Louisiana Board of Regents Shuts Down 4 Distance-Learning Institutions
By ANDREA L.FOSTER
The Louisiana Board of Regents has voted to force four unaccredited distance-learning institutions that are based in Louisiana to leave the state. The decision will rid the state, once known as a haven for diploma mills, of poor-quality higher-education institutions, officials said.
The board last month refused to renew the operating licenses of Bienville, Columbus, Glenford, and Lacrosse Universities. Their licenses expired in Louisiana on October 1, but students who were already enrolled in the institutions have until March to finish their work, said Lawrence J. Tremblay, associate commissioner of the Board of Regents, the state agency that oversees higher education in Louisiana.
"Louisiana has become quite serious about protecting its citizens," he said. "Any institution that would call Louisiana home has to exhibit some standards of quality, and the board decided early on that that standard would be accreditation."
Representatives of the four universities did not return telephone calls last week.
Mr. Tremblay said the institutions' presence in the state is limited to their offices. Some institutions are so transient that they share clerical help with other agencies, he added.
The board's unanimous vote in September means the last of Louisiana's questionable higher-education institutions will leave the state, said Mr. Tremblay.
"I would agree with that," said John Bear, one of the authors of Bears' Guide to Earning Degrees by Distance Learning (Ten Speed Press, 2001), which tracks various unaccredited institutions and diploma mills.
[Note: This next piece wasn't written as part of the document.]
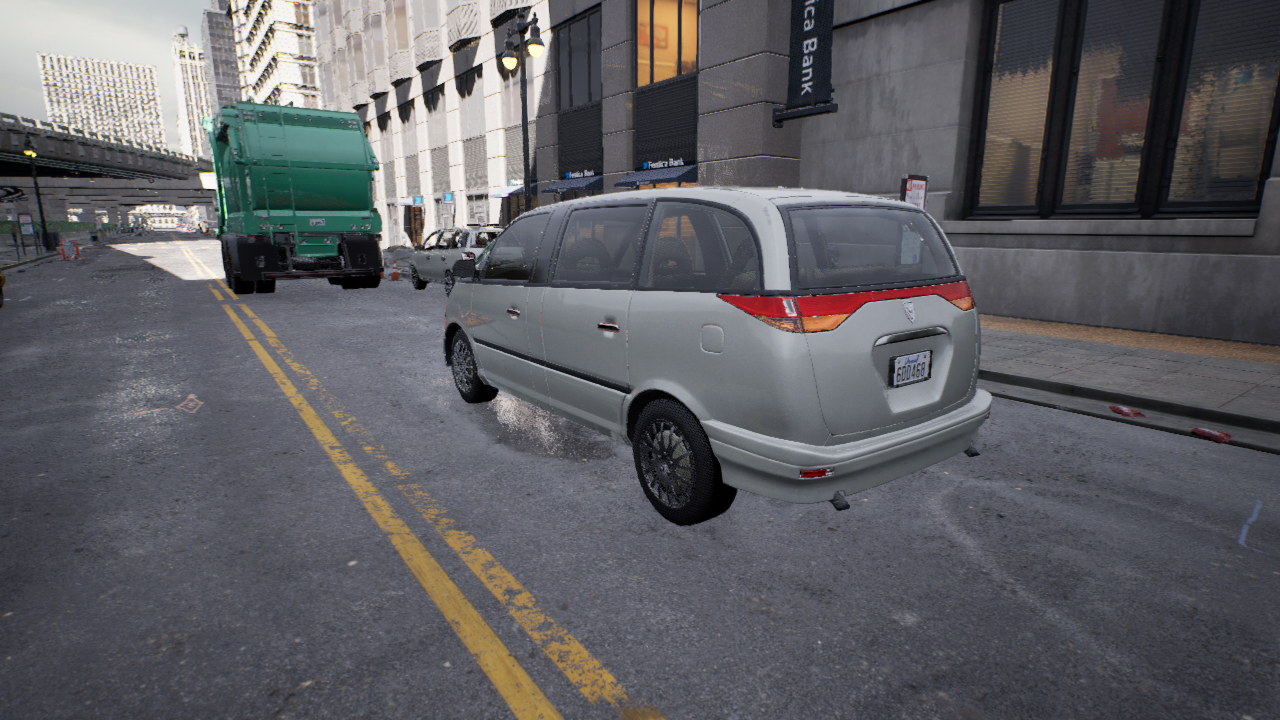
Venue: downtown
Lighting: clear day
Vehicle rig: minivan

The board's decision last month means that -- unless they find another state in which to set up shop -- the universities have to stop enrolling students, shut down their Web sites, and discontinue advertising, marketing, and recruiting.
Bienville University already has incorporated in Mississippi, said Mr. Bear. He said it is run by Thomas J. Kirk, who spent time in prison after pleading guilty to federal charges of mail and tax fraud after a 1996 raid by Federal Bureau of Investigation agents at LaSalle University, a Louisiana-based distance-learning institution that he founded.
LaSalle, which became Orion College, closed in June.